In our study, we utilized Pan-PCD-related DEGs to construct a prognostic signature in bladder cancer. We discovered that bladder cancer exhibited varied Pan-PCD levels based on our TCGA datasets, and these levels were used to create the high-PPRPS group and the low-PPRPS group. The bladder cancer subtypes revealed an intrinsic cell death signature in patients, which subsequently impacted patient prognosis. Accordingly, the high-PPRPS group had a shorter survival time. The Pan-PCD-related prognostic model showed that stage, age, and the PPRPS score were independent prognostic predictors of OS. Specifically, these features were highly associated with a high PPRPS score of Pan-PCD in patients.
DEG functional analysis provides some cues on the mechanisms that characterize the high- and low-PPRPS subgroups. GSEA results in subgroups suggested that the expression of genes in the high-PPRPS group is enriched in some classical tumorigenesis-, development- and progression-related pathways. For example, focal adhesion signaling-related genes were enriched in our high-PPRPS group. The signaling in this pathway involves a wide range of prosurvival signaling molecules, including integrins, growth factor receptors, and intracellular molecules, that regulate cell behavior and tumor cell survival (28). ECMs, such as N- and P-cadherin, promote invasive and malignant phenotypes of bladder cancer (29), as evidenced by the GSEA-enriched pathways associated with the high-PPRPS group. On the other hand, dysregulated expression of some cancer-related metabolic genes was recurrently observed in the low-PPRPS group. For instance, a pan-cancer study on metabolic gene expression found that pentose and glucuronate interconversions are significantly dysregulated in a variety of cancers (30). Similarly, our results indicated that pentose and glucuronate interconversions were enriched in the low-PPRPS group. In the low-PPRPS group, retinol metabolism-related genes were also enriched. Similar findings are observed in some population-based epidemiological studies on vitamin A (including retinol, retinal, RA, and retinyl esters). A meta-analysis investigating the quantitative effects of vitamin A on bladder cancer suggested that high vitamin A intake and high blood retinol levels were associated with a reduced risk of bladder cancer (31). Moreover, retinoid therapy for cancer chemoprevention and treatment has yielded successful results in skin cancers, neuroblastomas, breast cancer, and some leukemias (32). As a result, divergent expression patterns between the high- and low-PPRPS groups may contribute to the different prognoses and survival times.

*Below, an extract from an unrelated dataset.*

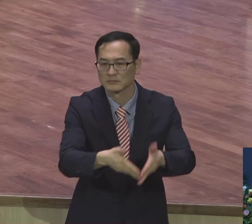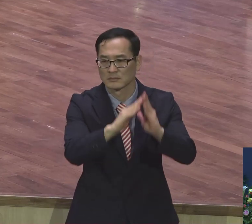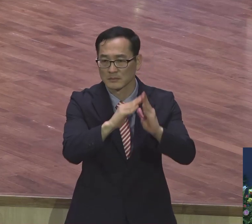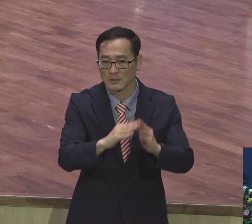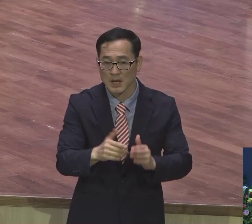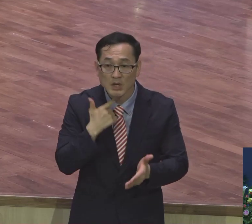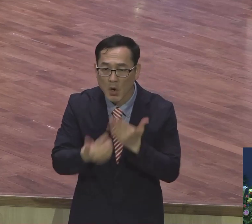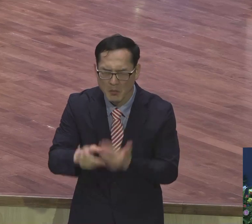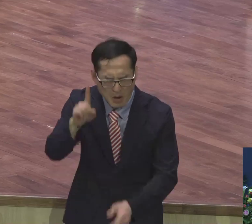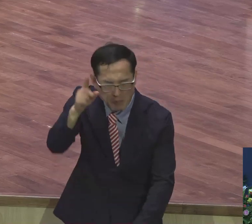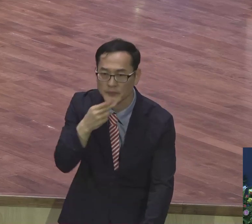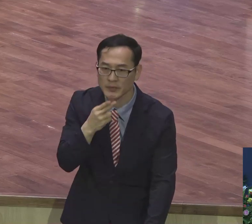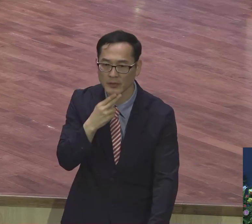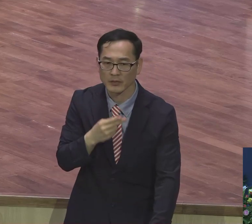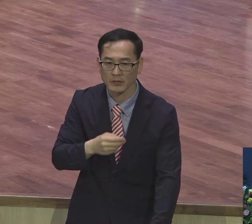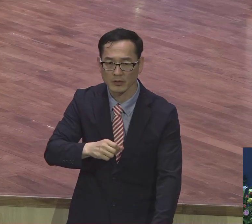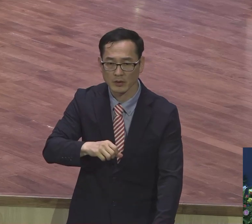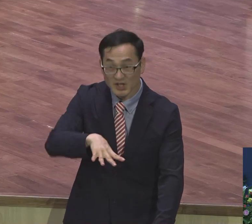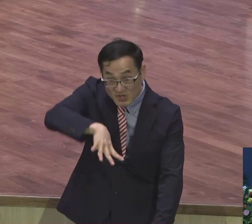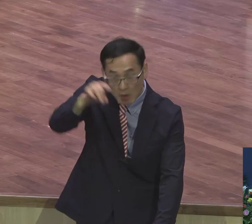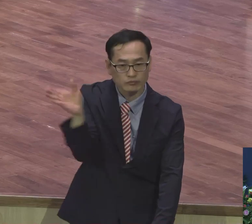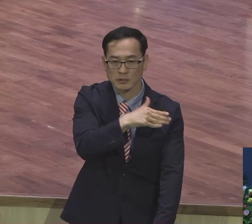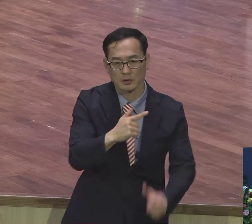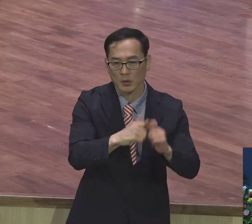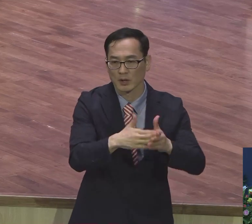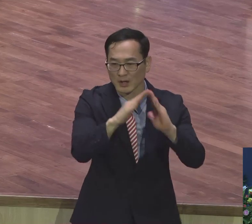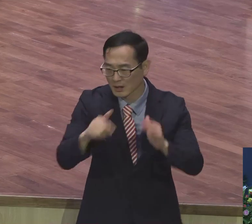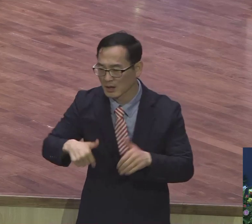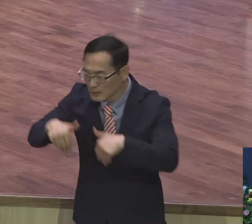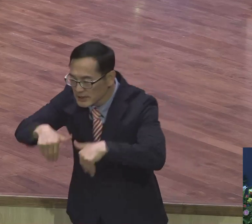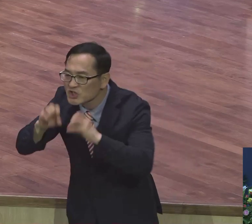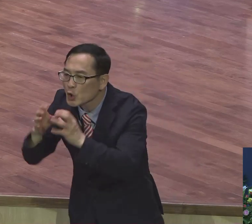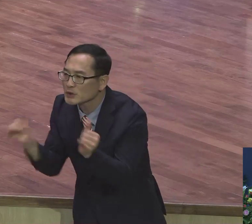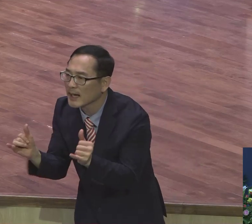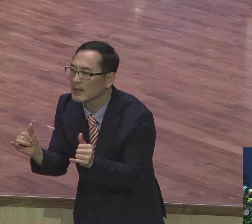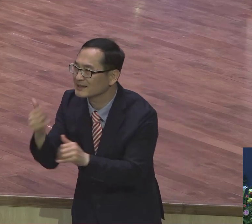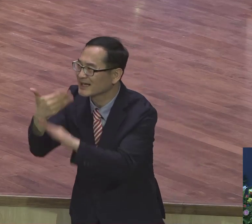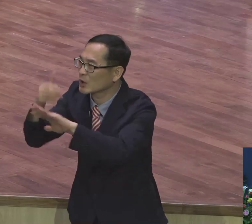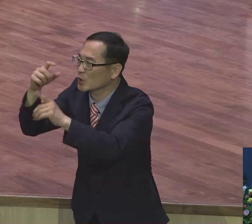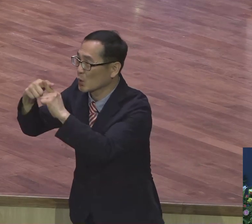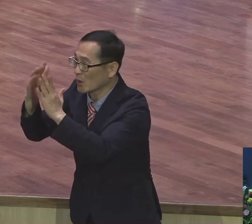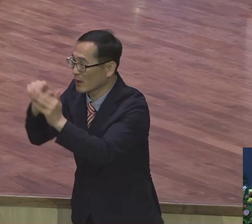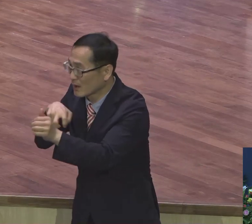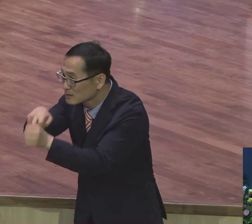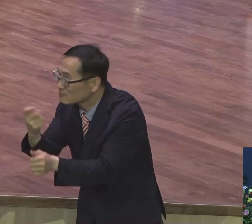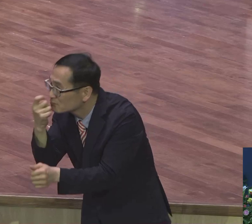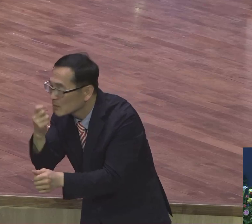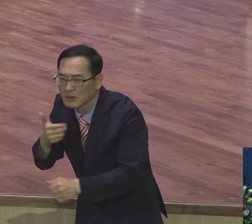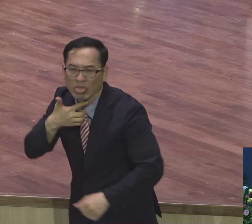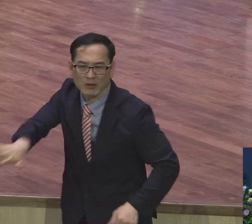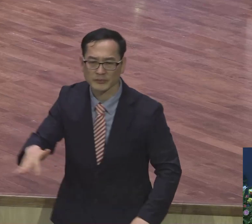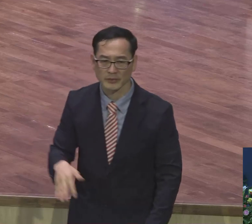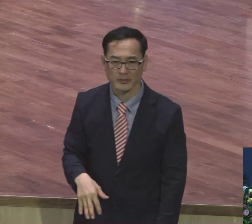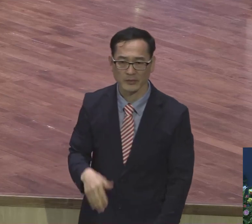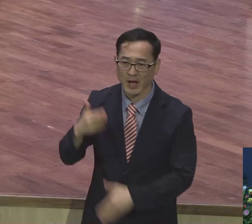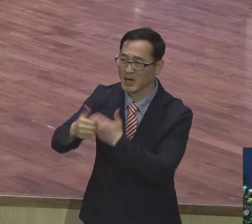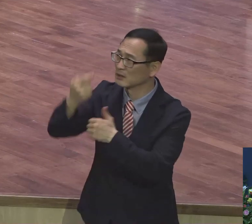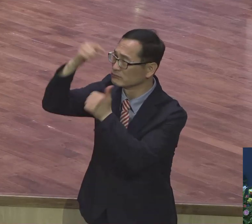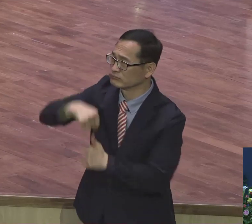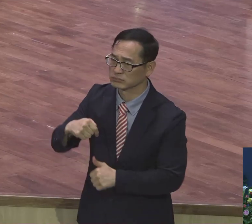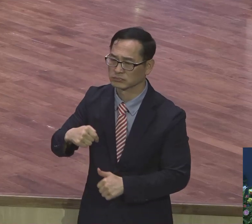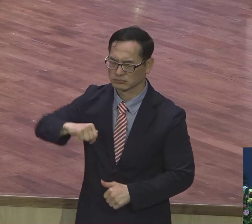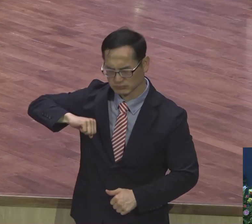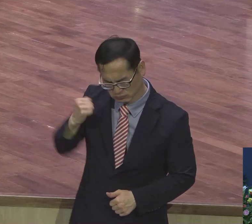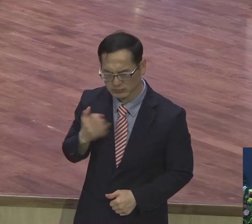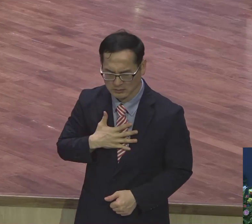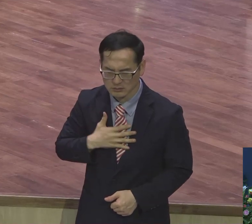해보고 시작한 게 내가 목동에 개척한 사람 자 보세요 하나님이 가래에서 내가 온 거예요 어디에 갈지도 모르고 왔어요

m6A modifications are increasingly recognized as an important layer of posttranscriptional gene expression regulation. Its dysregulation has been broadly reported within various cancer cells and tumors (33). Due to the critical role of m6A in controlling oncogene expression, m6A has become a promising therapeutic target for anticancer drug development (34). In our research, we identified m6A-related DEGs between the low- and high-PPRPS groups. METTL3, YTHDC1, and YTHDF1 expressions were decreased in the high-PPRPS group, and these genes could potentially serve as candidate drug targets based on pan-PCD subtypes.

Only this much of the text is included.